July 22, 2013

Theses on Prayer from Mary Magdalene

More and more over the years, I turn to Mary Magdalene's encounter with the Risen Lord as both a means to understand and a model for prayer. I've written the same stuff before, but instead of linking some old post I thought to make a new one in the 'theses' style.


Theses on Prayer from Mary Magdalene (John 20: 11-18)

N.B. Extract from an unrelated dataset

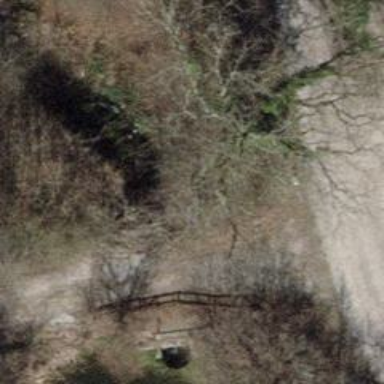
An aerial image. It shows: Culvert tunnel.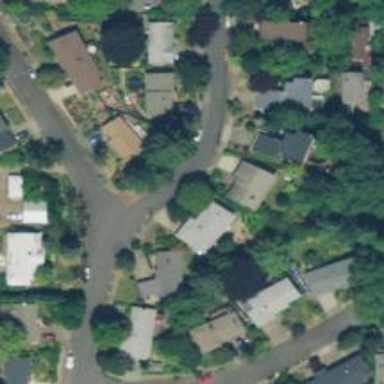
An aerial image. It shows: Asphalt road in residential area.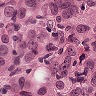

  • Getting up early helps
  • Stay still, stay where you are inside. Don't get up and do something else either physically or interiorly at the first thought of doing so, even when others have run away.
  • Even when all you have inside seems like emptiness, look into it.
  • Whatever question or concern or hurt happens to be on your heart, address it simply to whatever presence seems to be there, whether you recognize the presence or not, whether it seems like anything or not.
  • Know that when you recognize the presence of God, this is how our limited perception experiences God recognizing and calling you. So like many aspects of prayer--and indeed, prayer itself--things feel like our action and our perception when in fact they are the action of the Holy Spirit praying within us. This is a sort of optical illusion of the interior vision that happens because of our being limited to time and space.
  • Accept without discouragement that the experience of God in prayer feels fleeting. It feels this way because God is not a 'thing' that can be possessed like our other created experiences and still less like a physical, temporal good. In this sense prayer is the first and primary school of holy poverty, because the object of our desire cannot be grasped and possessed. Prayer trains us in letting go, because we have no choice with God but to let go.
  • Further, even if it seems as if God flees from us in prayer, he is not fleeing in order to rid of us, but as a way of drawing us, seducing us even, deeper into the mystery, to begin again with an even more profound gaze into the empty tomb.
  • The fruit of prayer is witness to and announcement of the Resurrection, that the world may know that the new creation has begun to arrive.

4 comments:

Judy Kallmeyer said...

Wow! Awesome reflection Fr. Charles! This is one to save for future reference. It hits where we are. It encourages us to keep on going if it seems as if nothing is happening.

God is full of surprises. Sometimes He reaches us in the most unusual ways. And for each of us those ways are different. Even though we hate it when He seems to be sleeping in our boat, we do seek Him out when He does so. Maybe it is good that He hides Himself from us at times. We learn that we should never become complacent in our spiritual lives. We must always hunger after Him.

Jen said...

Thank you. Your thoughts on Mary and prayer as hospitality yesterday hit me deep in my heart. Today's post is going to be printed, tucked into my journal, and used as a reminder/centering tool when I am floundering in my prayer life. God bless you, Fr Charles!

Louis M said...

Absolutely a "print out and keep"-er.

Grazie fratello!

Matt said...

Thank you for this wonderful, provocative post. This will help me grow in my spiritual life.